In his study of advertising’s cultural impact, The Conquest of Cool , Thomas Frank compares the advertising of the 1960s with that of the early 1990s:

How [advertisers] must have rejoiced when the leading minds of the culture industry announced the discovery of an all-new angry generation, the “Twenty-Somethings,” complete with a panoply of musical styles, hairdos, and verbal signifiers ready-made to rejuvenate advertising’s sagging credibility…. The strangest aspect of what followed wasn’t the immediate onslaught of even hipper advertising, but that the entire “Generation X” discourse repeated…the discussions of youth culture that had appeared in Advertising Age , Madison Avenue , and on all those youth-market panel discussions back in the sixties. 16

To be clear, advertisers have not set out to consciously manipulate the public in the name of consumer culture. Rather, advertisers are simply doing their job—one that has had an enormous influence on culture.

Advertising Stereotypes

The White, middle-class composition of ad agencies contributed to advertisements’ rare depictions of minority populations. DDB—the agency responsible for the Volkswagen ads of the 1960s—was an anomaly in this regard. One of its more popular ads was for Levy’s rye bread. Most conventional advertisers would have ignored the ethnic aspects of this product and simply marketed it to a mainstream White audience. Instead, the innovative agency created an ad campaign that made ethnic diversity a selling point, with spots featuring individuals from a variety of racial backgrounds eating the bread with the headline “You don’t have to be Jewish to love Levy’s.”

During the 1950s, stereotypical images of African Americans promulgated by advertisers began to draw criticism from civil rights leaders. Icons such as Aunt Jemima, the Cream of Wheat chef, and the Hiram Walker butler were some of the most recognizable black figures in U.S. culture. Unlike the African Americans who had gained fame through their artistry, scholarship, and athleticism, however, these advertising characters were famous for being domestic servants.
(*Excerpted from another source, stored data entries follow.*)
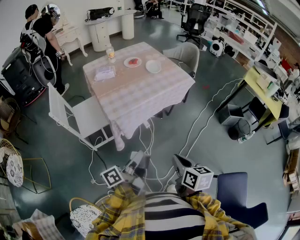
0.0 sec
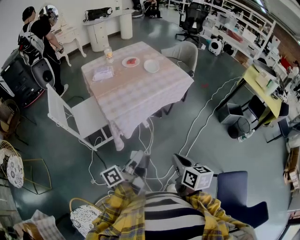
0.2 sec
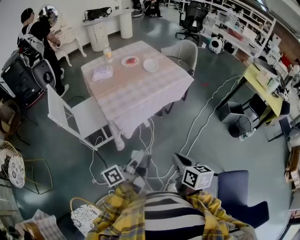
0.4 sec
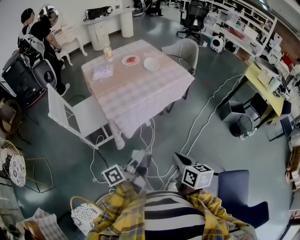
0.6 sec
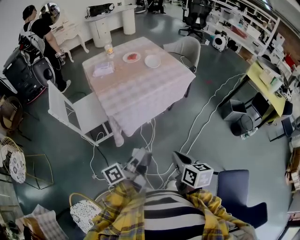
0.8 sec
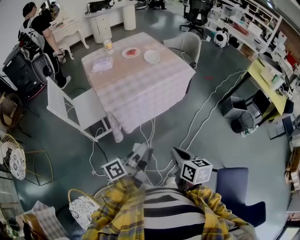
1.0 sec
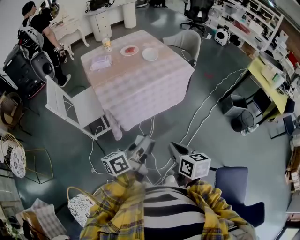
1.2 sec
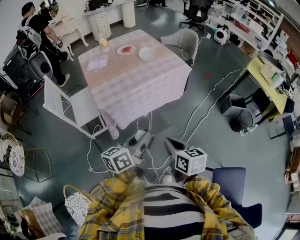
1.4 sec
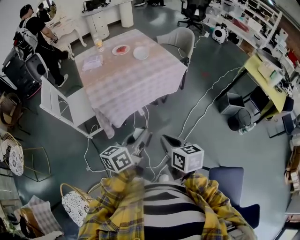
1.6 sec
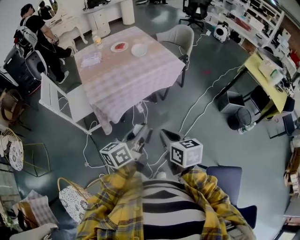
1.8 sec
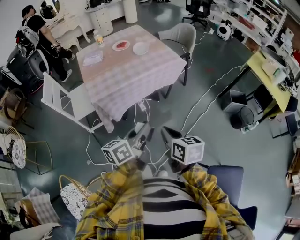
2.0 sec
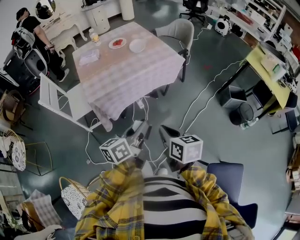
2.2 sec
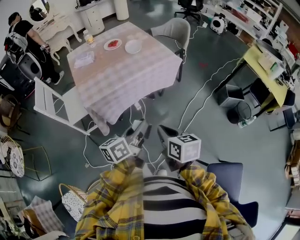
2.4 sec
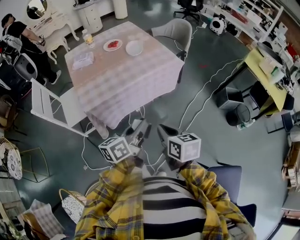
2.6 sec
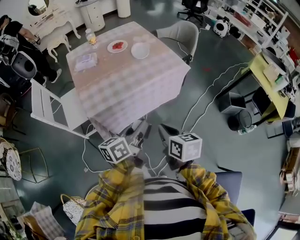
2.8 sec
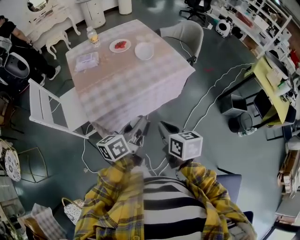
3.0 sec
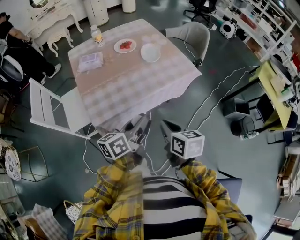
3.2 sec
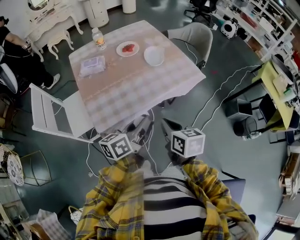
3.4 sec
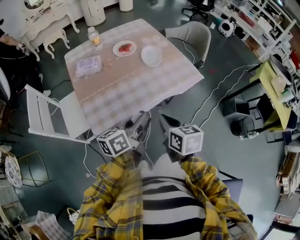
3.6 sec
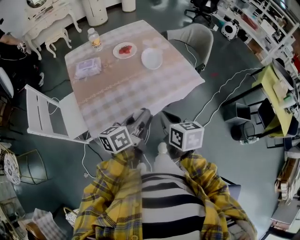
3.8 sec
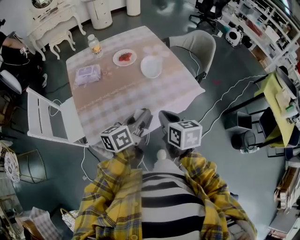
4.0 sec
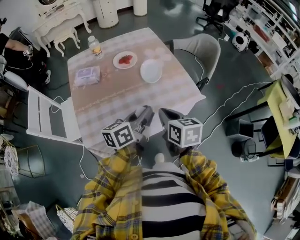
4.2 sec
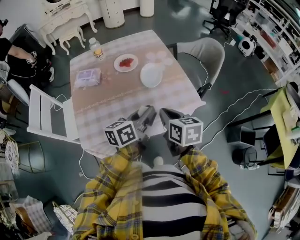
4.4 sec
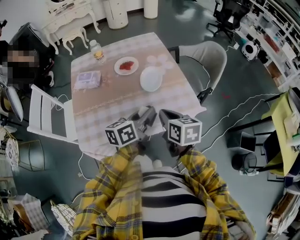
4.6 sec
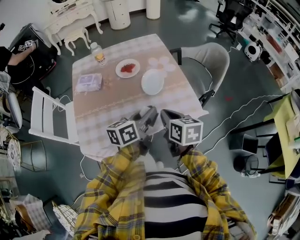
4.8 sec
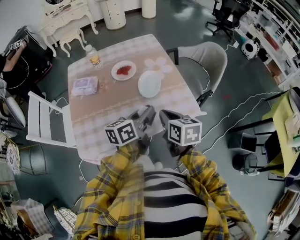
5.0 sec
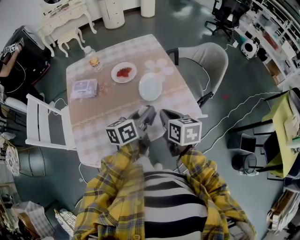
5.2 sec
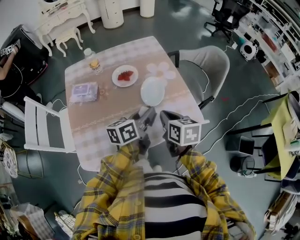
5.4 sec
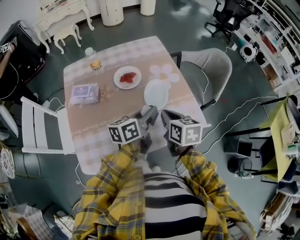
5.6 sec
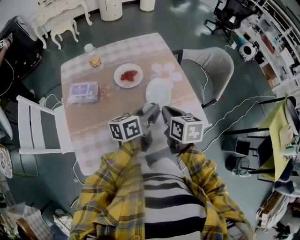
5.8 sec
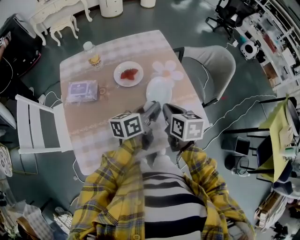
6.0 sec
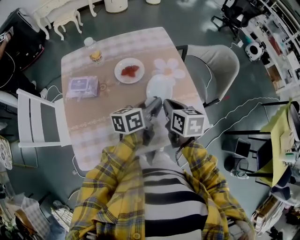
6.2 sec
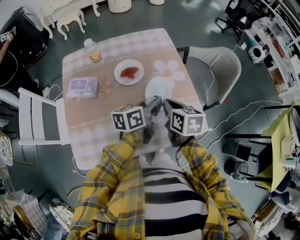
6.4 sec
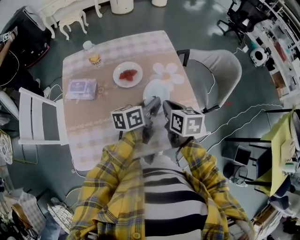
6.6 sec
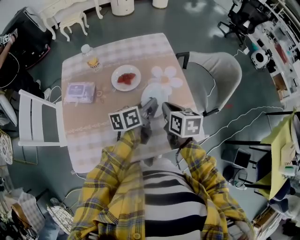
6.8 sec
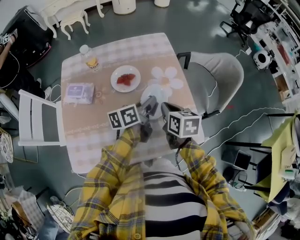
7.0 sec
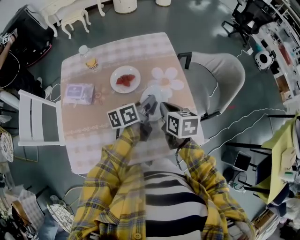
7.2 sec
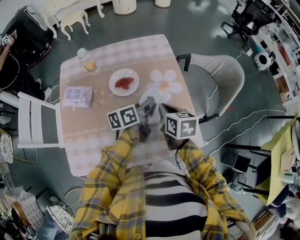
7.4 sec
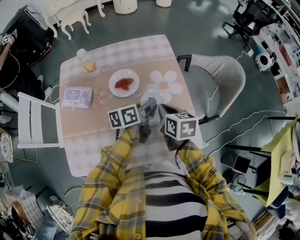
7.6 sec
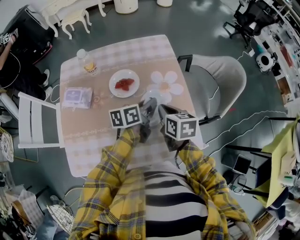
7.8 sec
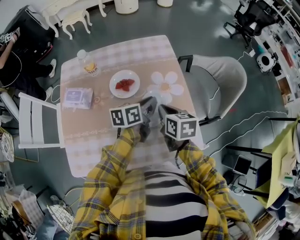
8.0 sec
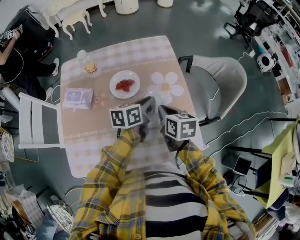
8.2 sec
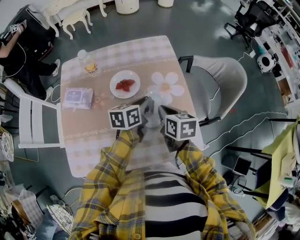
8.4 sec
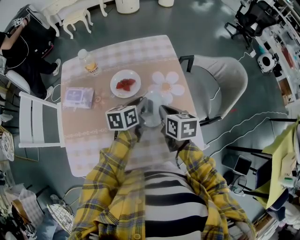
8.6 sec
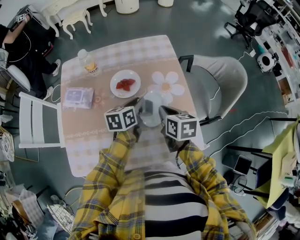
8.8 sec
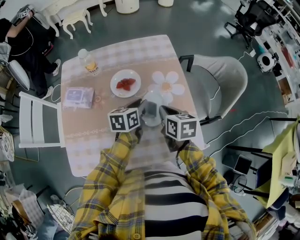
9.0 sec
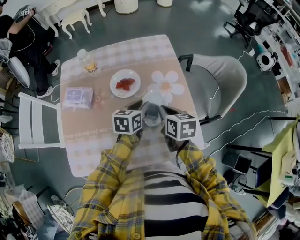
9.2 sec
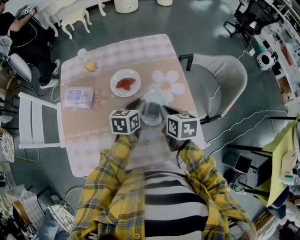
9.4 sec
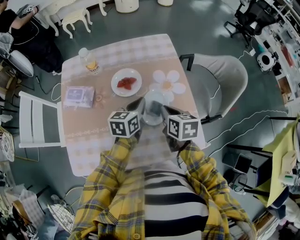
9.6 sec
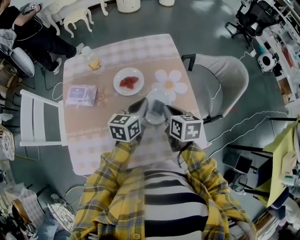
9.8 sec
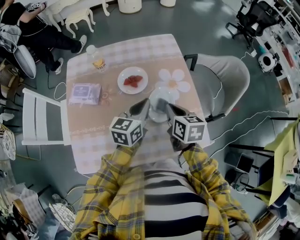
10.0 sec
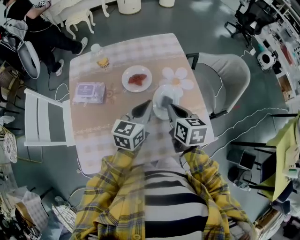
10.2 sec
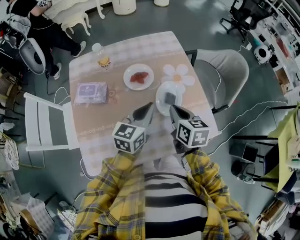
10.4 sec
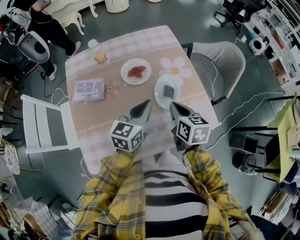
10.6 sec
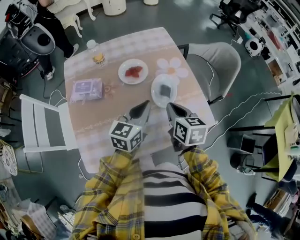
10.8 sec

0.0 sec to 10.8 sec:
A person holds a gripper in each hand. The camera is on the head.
0.0 sec to 1.6 sec: The left gripper heads to the right, covering roughly 15 cm, and turns by roughly 30 degrees, while the right gripper moves to the right, about 5 cm.
1.6 sec to 3.0 sec: The two grippers go approximately 15 cm forward.
3.0 sec to 4.6 sec: Both grippers travel together forward, roughly 25 cm.
4.6 sec to 6.2 sec: The two grippers go about 15 cm forward.
6.2 sec to 7.8 sec: The grippers both shift forward by some 10 cm.
7.8 sec to 9.2 sec: The left gripper moves some 5 cm, and turns by roughly 30 degrees.
9.2 sec to 10.8 sec: The right gripper moves backward, about 10 cm. The left gripper moves backward and upward, about 15 cm, turns by roughly 30 degrees, and closes.

During the 1960s, meetings of the American Association of Advertising Agencies (AAAA) hosted civil rights leaders, and agencies began to respond to the criticisms of bias. A New York survey in the mid-1960s discovered that Blacks were underrepresented at advertising agencies. Many agencies responded by hiring new African American employees, and a number of Black-owned agencies started in the 1970s. 17

Early advertising frequently reached out to women because they made approximately 80 percent of all consumer purchases. Thus, women were well represented in advertising. However, those depictions presented women in extremely narrow roles. Through the 1960s, ads targeting women generally showed them performing domestic duties such as cooking or cleaning, whereas ads targeting men often placed women in a submissive sexual role even if the product lacked any overt sexual connotation. A National Car Rental ad from the early 1970s featured a disheveled female employee in a chair with the headline “Go Ahead, Take Advantage of Us.” Another ad from the 1970s pictured a man with new Dacron slacks standing on top of a woman, proclaiming, “It’s nice to have a girl around the house (Frauenfelder, 2008).”
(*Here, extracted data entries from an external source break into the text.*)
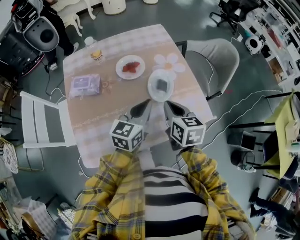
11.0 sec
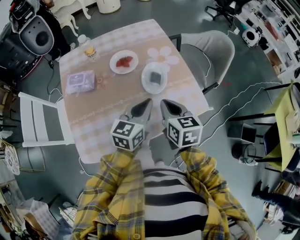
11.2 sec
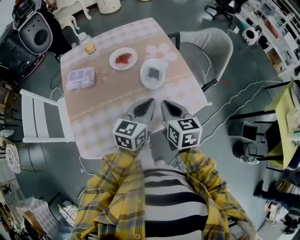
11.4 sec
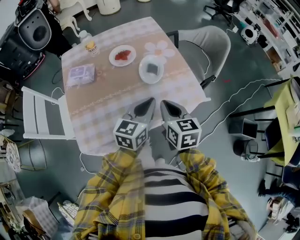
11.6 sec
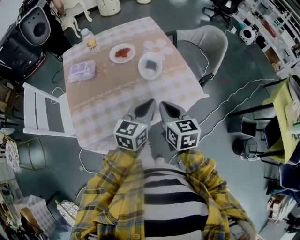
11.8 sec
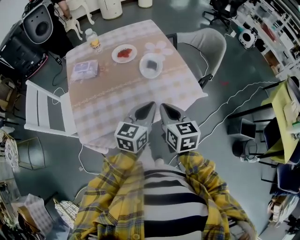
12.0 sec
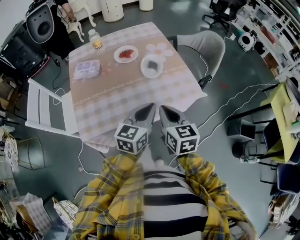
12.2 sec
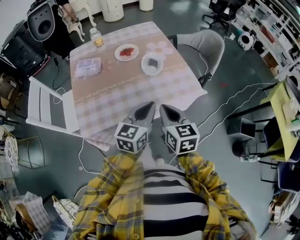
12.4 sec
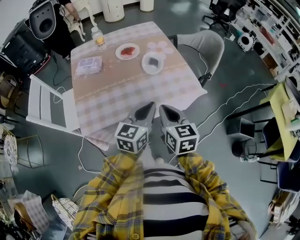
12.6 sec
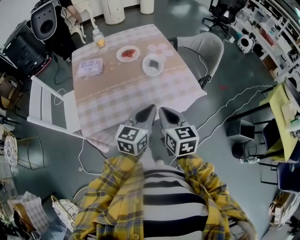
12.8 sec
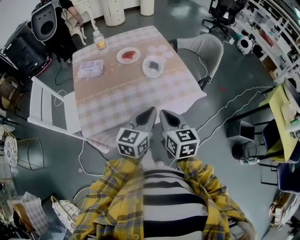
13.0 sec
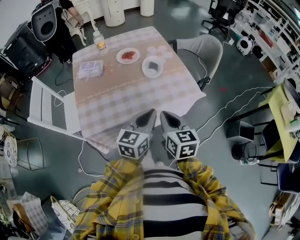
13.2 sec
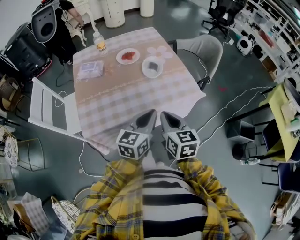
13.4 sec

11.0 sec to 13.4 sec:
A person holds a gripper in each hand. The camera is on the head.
11.0 sec to 12.2 sec: The left gripper heads backward and to the right, covering about 15 cm. The right gripper travels backward by roughly 15 cm.
12.2 sec to 13.4 sec: The grippers make only small movements.

An advertising profile printed in Advertising Age magazine gave a typical advertiser’s understanding of the housewife at the time:

She likes to watch TV and she does not enjoy reading a great deal. She is most easily reached through TV and the simple down-to-earth magazines…. Mental activity is arduous for her…. She is a person who wants to have things she can believe in rather than things she can think about (Rodnitzky, 1999).

The National Organization for Women (NOW) created a campaign during the early 1970s targeting the role of women in advertisements. Participants complained about the ads to networks and companies and even spray-painted slogans on offensive billboards in protest.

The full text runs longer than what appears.